[[ Data records, beginning ]]

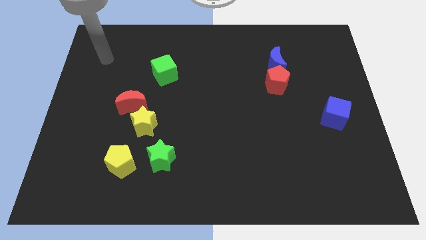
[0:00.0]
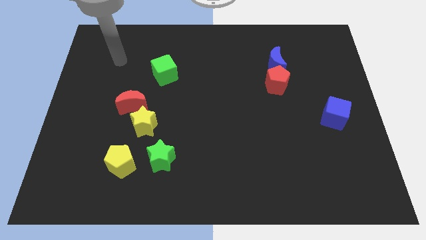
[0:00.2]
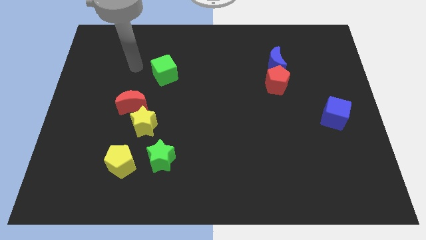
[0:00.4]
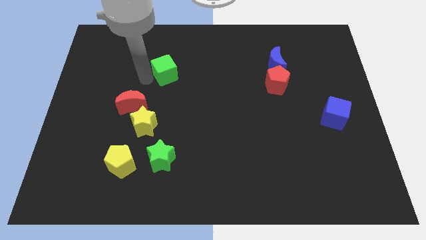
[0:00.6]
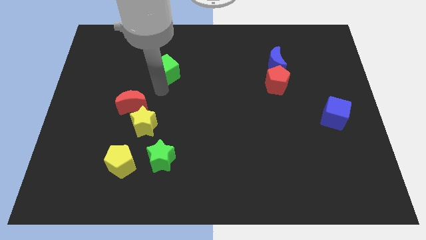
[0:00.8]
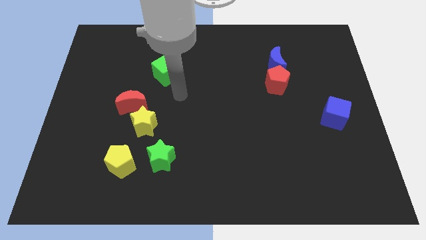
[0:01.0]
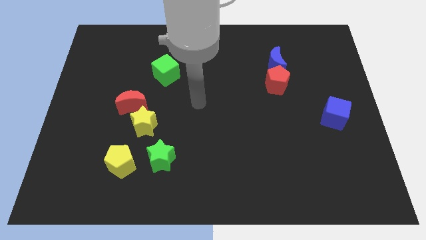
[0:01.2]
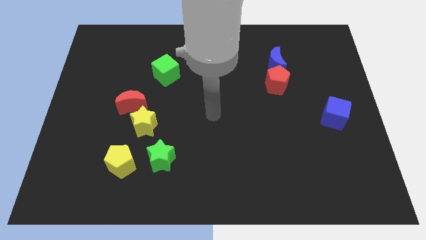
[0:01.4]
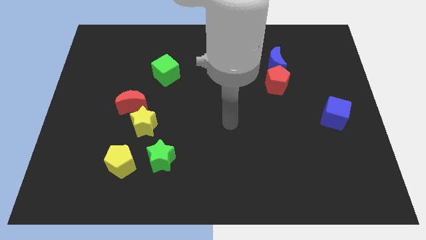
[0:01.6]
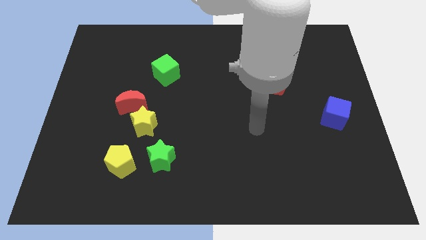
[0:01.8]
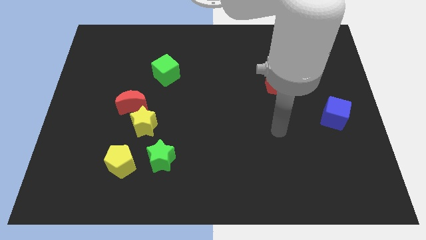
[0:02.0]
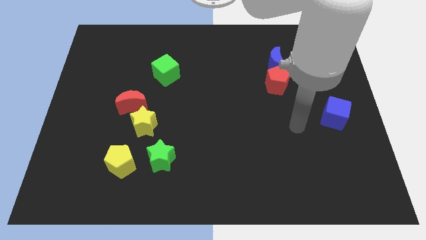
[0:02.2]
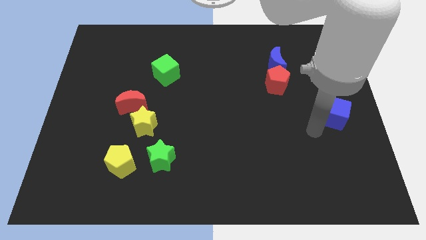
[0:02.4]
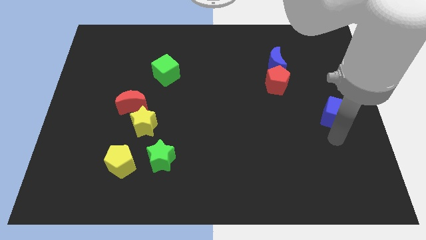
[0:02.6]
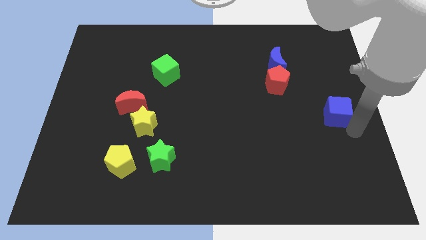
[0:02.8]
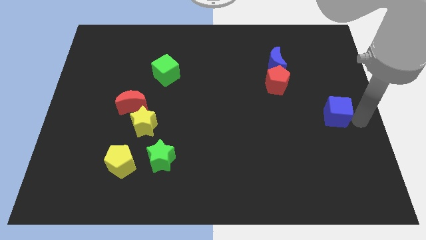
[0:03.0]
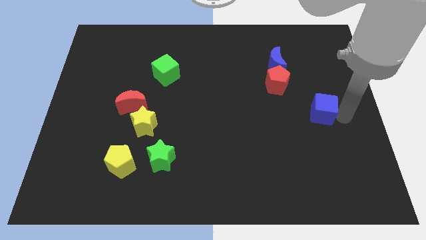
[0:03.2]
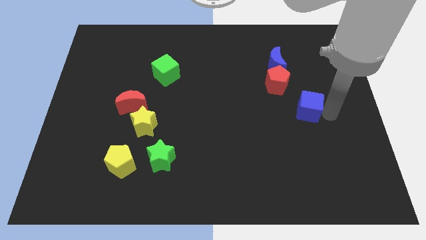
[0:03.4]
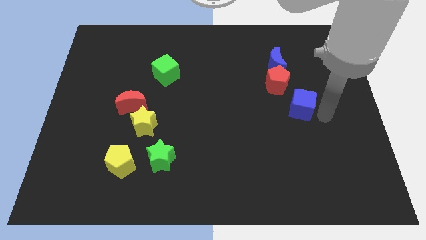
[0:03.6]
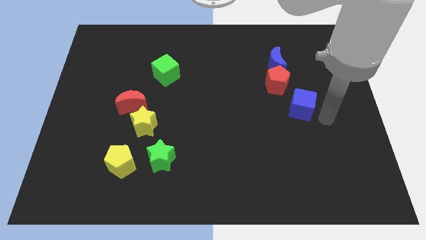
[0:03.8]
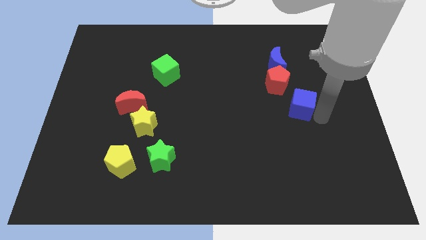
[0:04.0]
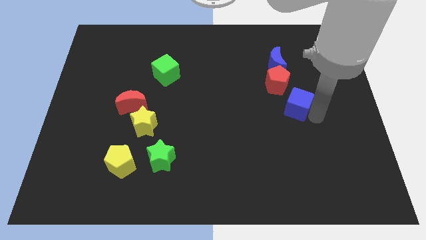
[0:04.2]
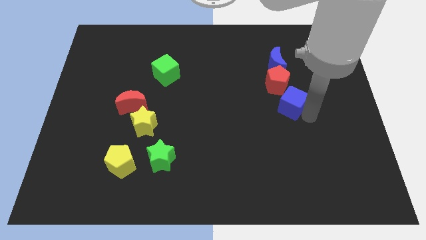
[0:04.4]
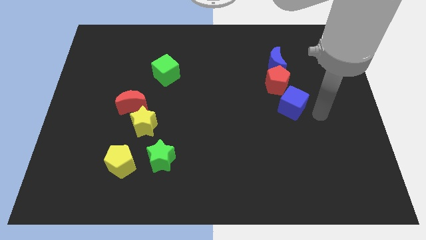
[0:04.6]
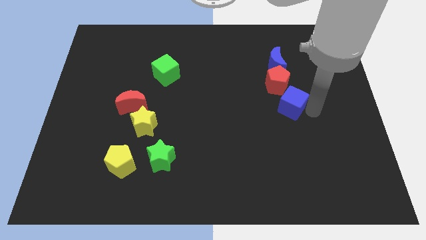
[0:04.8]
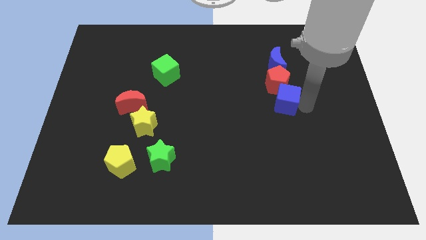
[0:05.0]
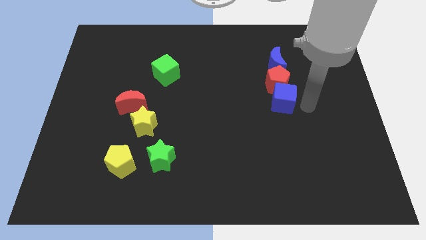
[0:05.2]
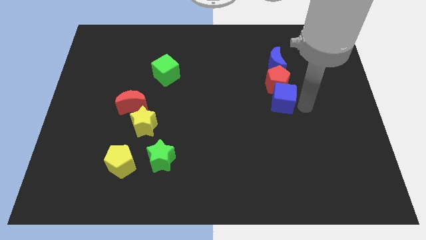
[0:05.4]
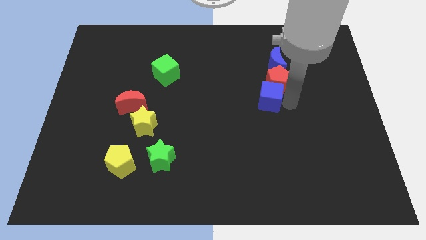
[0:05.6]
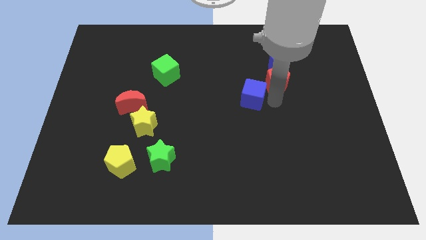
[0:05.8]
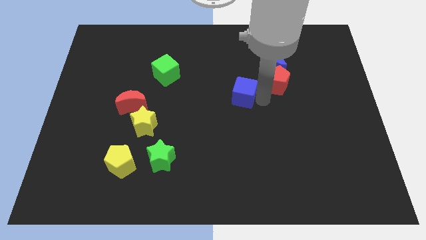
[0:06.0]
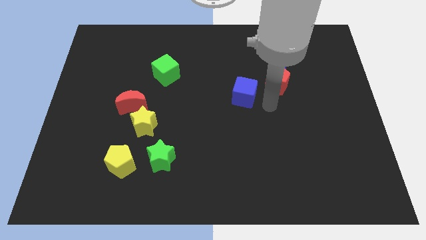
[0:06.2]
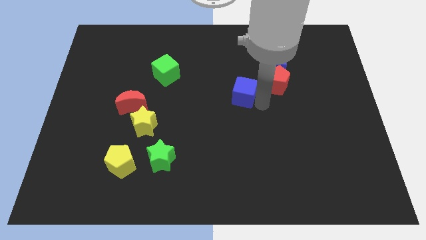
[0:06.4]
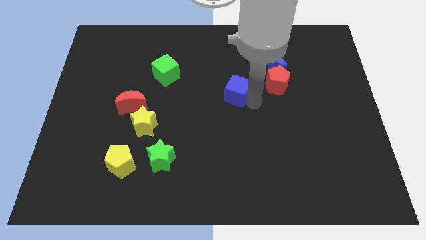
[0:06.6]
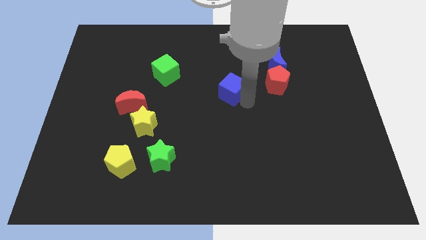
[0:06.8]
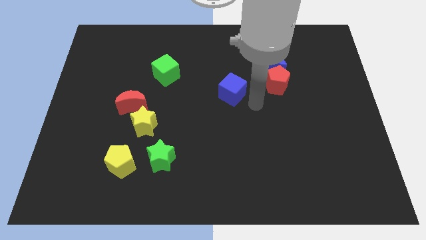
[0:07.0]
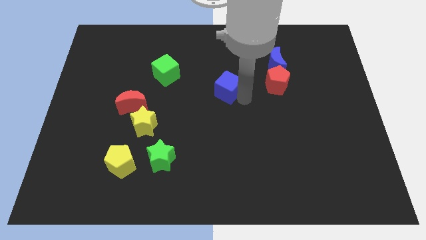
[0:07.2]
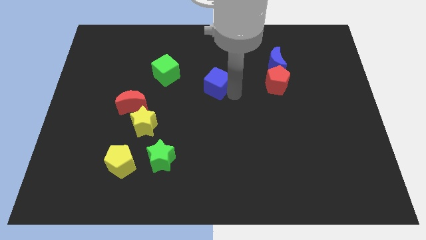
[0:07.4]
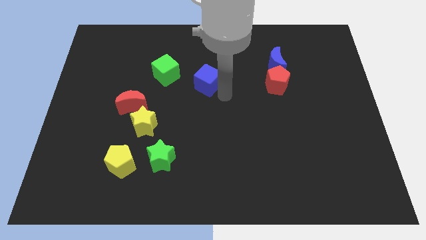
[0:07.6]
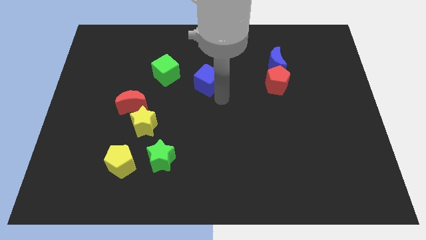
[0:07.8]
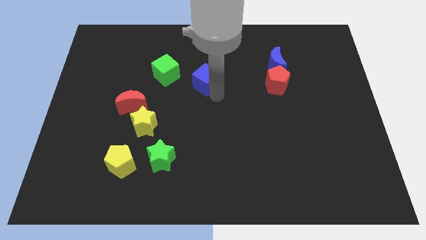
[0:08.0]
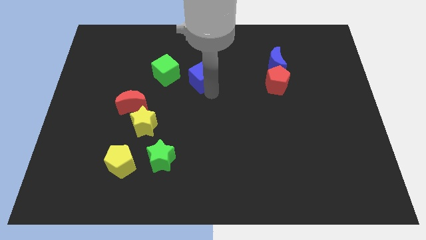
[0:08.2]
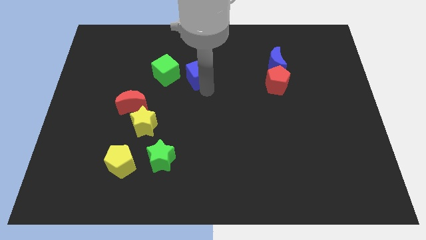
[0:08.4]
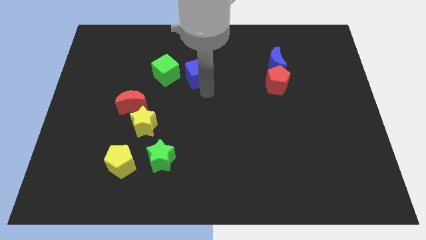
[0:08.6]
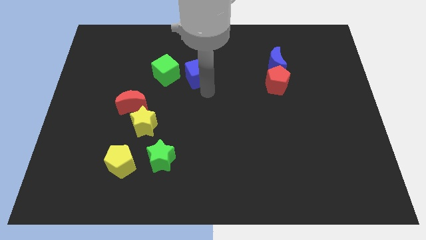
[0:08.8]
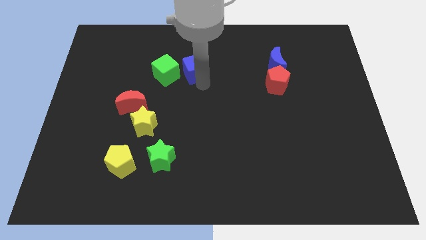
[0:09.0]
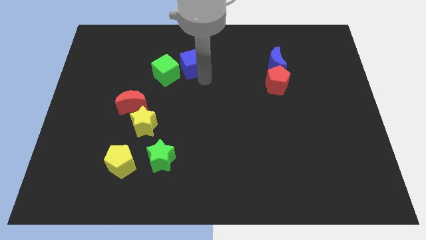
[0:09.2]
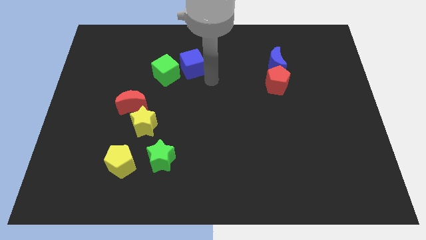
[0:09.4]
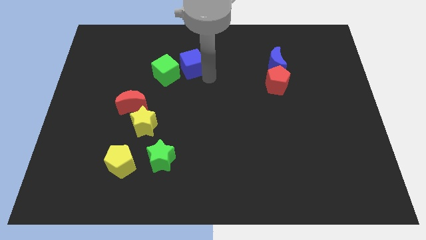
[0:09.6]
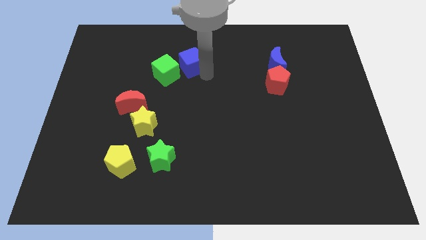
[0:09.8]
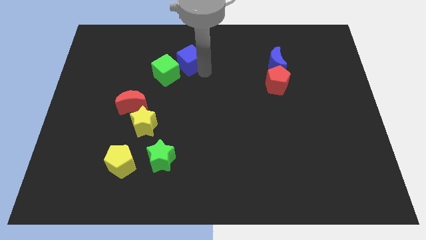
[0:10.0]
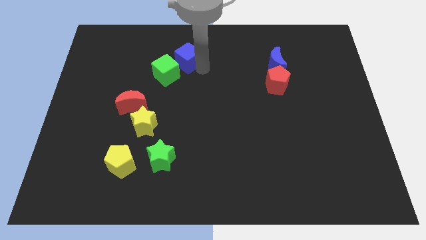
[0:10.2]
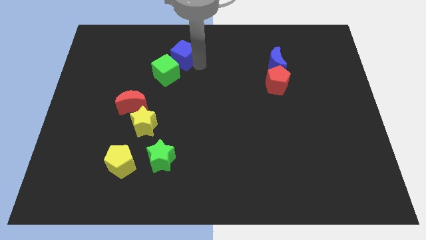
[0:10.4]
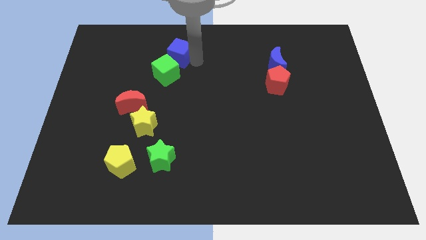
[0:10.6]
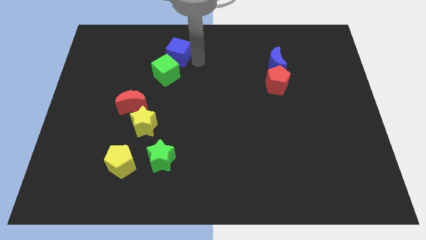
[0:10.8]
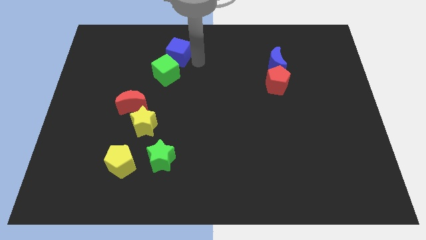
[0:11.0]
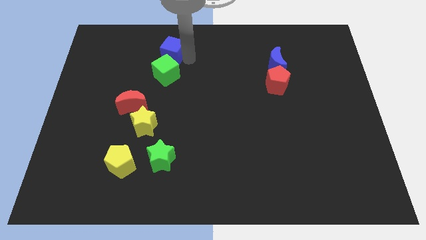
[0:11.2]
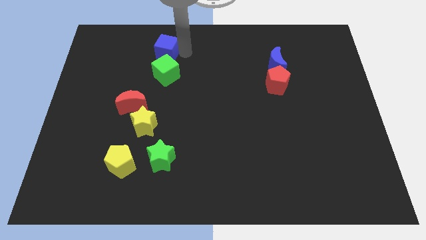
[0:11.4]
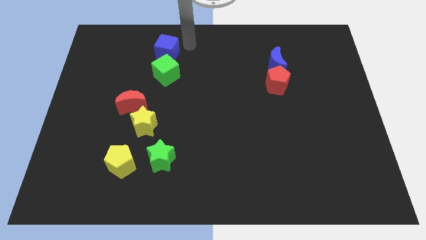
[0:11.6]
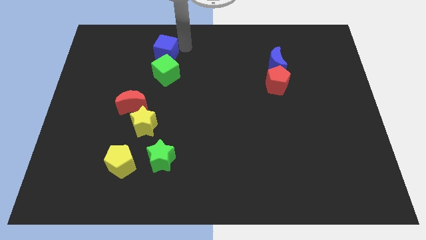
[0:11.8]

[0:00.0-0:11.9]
push the blue cube to the top left side of the green cube

[[ Data records, end ]]

**Problem statement**
With the pictures removed, please retype each record exactly.

**Response to the task**
[0:00.0]
[0:00.2]
[0:00.4]
[0:00.6]
[0:00.8]
[0:01.0]
[0:01.2]
[0:01.4]
[0:01.6]
[0:01.8]
[0:02.0]
[0:02.2]
[0:02.4]
[0:02.6]
[0:02.8]
[0:03.0]
[0:03.2]
[0:03.4]
[0:03.6]
[0:03.8]
[0:04.0]
[0:04.2]
[0:04.4]
[0:04.6]
[0:04.8]
[0:05.0]
[0:05.2]
[0:05.4]
[0:05.6]
[0:05.8]
[0:06.0]
[0:06.2]
[0:06.4]
[0:06.6]
[0:06.8]
[0:07.0]
[0:07.2]
[0:07.4]
[0:07.6]
[0:07.8]
[0:08.0]
[0:08.2]
[0:08.4]
[0:08.6]
[0:08.8]
[0:09.0]
[0:09.2]
[0:09.4]
[0:09.6]
[0:09.8]
[0:10.0]
[0:10.2]
[0:10.4]
[0:10.6]
[0:10.8]
[0:11.0]
[0:11.2]
[0:11.4]
[0:11.6]
[0:11.8]

[0:00.0-0:11.9]
push the blue cube to the top left side of the green cube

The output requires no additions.